# Leeville La.



## Bubba (Sep 27, 2007)

A couple of fish from the Leeville trip last week. 

The big reds weren't the only thing biting. Those damn no see ums were brutal. That's why my son has his collar buttoned. We went through a dozen cans of insect repellant along with a couple of bottles of skin so soft. I even tried rubbing fabric softner sheets on my arms and legs to no avail. Those things absolutely drive me nuts


----------



## SHunter (Jun 19, 2009)

Beautiful fish! I tried Skins So Soft and Off when I was camping at Cape San Blas one year to keep the biting flies off me. After these chemicals dried, the brutal beasts were back after my blood. Cutters and Deep Woods did better for longer. The other thing that I found that worked fairly well was elemental sulfur if you don't mind the smell.
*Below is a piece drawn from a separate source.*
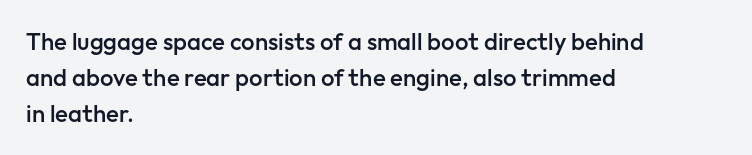
{"italic": "no", "bold": "semi", "underline": "no", "align": "left", "line_spacing": "normal", "line_spacing_ratio": 1.5, "letter_spacing": "normal", "letter_spacing_em": 0.0, "glyph_px": 24}

This stuff keeps the chiggers off of me in the woods. Not sure about NoSeeUms.


----------



## Bubba (Sep 27, 2007)

*Leeville*

I'm thinking about nibbling on some garlic buds or taking some garlic pills the next time. I know I used to work with some cajuns and that's what they did for mosquitos. I love garlic so it won't be bad, for me anway. My fishing buddies might not like it too much though.


----------